Solved – n R function that performs LASSO regression on multiple imputed datasets and pools results together

coefficient of variationlassomultiple-imputationpooling

I have a dataset with 283 observation of 60 variables. My outcome variable is dichotomous (Diagnosis) and can be either of two diseases. I am comparing two types of diseases that often show much overlap and i am trying to find the features that can help differentiate these diseases from each other. I understand that LASSO logistic regression is the best solution for this problem, however it can not be run on a incomplete dataset.

So i imputed my missing data with MICE package in R and found that approximately 40 imputations is good for the amount of missing data that i have.

Now i want to perform lasso logistic regression on all my 40 imputed datasets and somehow i am stuck at the part where i need to pool the results of all these 40 datasets.

The with() function from MICE does not work on .glmnet

Impute database with missing values using MICE package:
R> imp<-mice(WMT1, m = 40)
Fit regular logistic regression on imputed data:
R> imp.fit <- glm.mids(Diagnosis~., data=imp,
family = binomial)
Pool the results of all the 40 imputed datasets:
R> summary(pool(imp.fit),2)

The above seems to work fine with logistic regression using glm(), but when i try the exact above to perform Lasso regression i get:

First perform cross validation to find optimal lambda value:
R> CV <- cv.glmnet(Diagnosis~., data = imp, family = "binomial", alpha = 1,
nlambda = 100)

When i try to perform cross validation I get this error message:
Error in as.data.frame.default(data) :
cannot coerce class ‘"mids"’ to a data.frame

Can somebody help me with this problem?

Best Answer

There is both a technical and a conceptual problem here.

Technically, glm.mids() is designed as part of the mice package to work directly with multiply imputed datasets of class mids. The cv.glmnet() function from the glmnet package, in contrast, is only designed to handle a single dataset at a time. It has no way to handle a mids object, hence the error message.

To do cv.glmnet on individual imputed data sets, you can use the complete() function in mice to pull out the imputed datasets one at a time from a mids object or, as shown on this page, put them all into a single large data frame for subsetting into individual datasets. Then just run cv.glmnet(), choose a penalty value, and get coefficients separately on each dataset.

Conceptually, how do you properly combine the results from LASSO on the different imputations into a single final model? Each imputed dataset will typically provide a different set of predictors having non-zero coefficients. Putting the different imputations together in the context of LASSO is not an easy problem.

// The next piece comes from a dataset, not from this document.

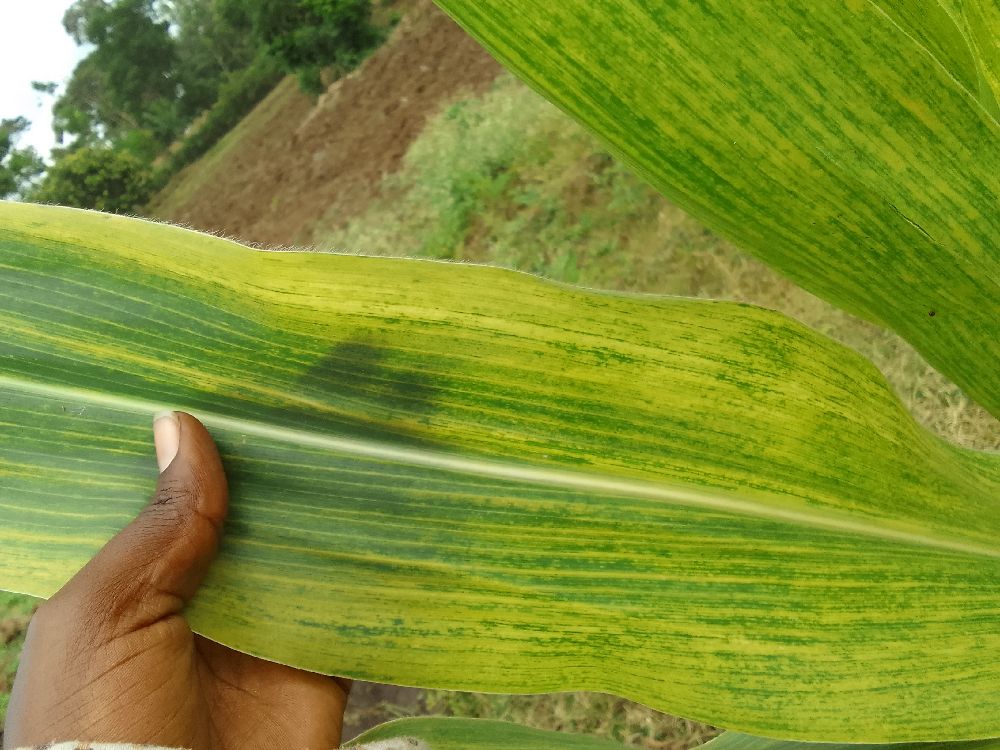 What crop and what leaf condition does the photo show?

Some suggestions are to use group LASSO, or work with the predictors having non-zero coefficients in all cases. Those pages have links to further details. It's not clear to me that any of these solutions is very satisfying. There is also the issue of how you are intending to use your model, for example what if some of the selected variables are missing when predicting future cases.

With only 60 variables in your model, you could consider doing ridge regression rather than LASSO in cv.glmnet() by setting alpha=0 in the function call. This will provide penalized coefficients for all 60 of your predictor variables for each imputed data set, which can then easily be combined to give means and standard deviations of coefficient values across the imputations. As this seems to be an initial exploratory study, the results from ridge regression on the multiply-imputed datasets might better point the way to designing prospective studies on the best way to make this clinical distinction.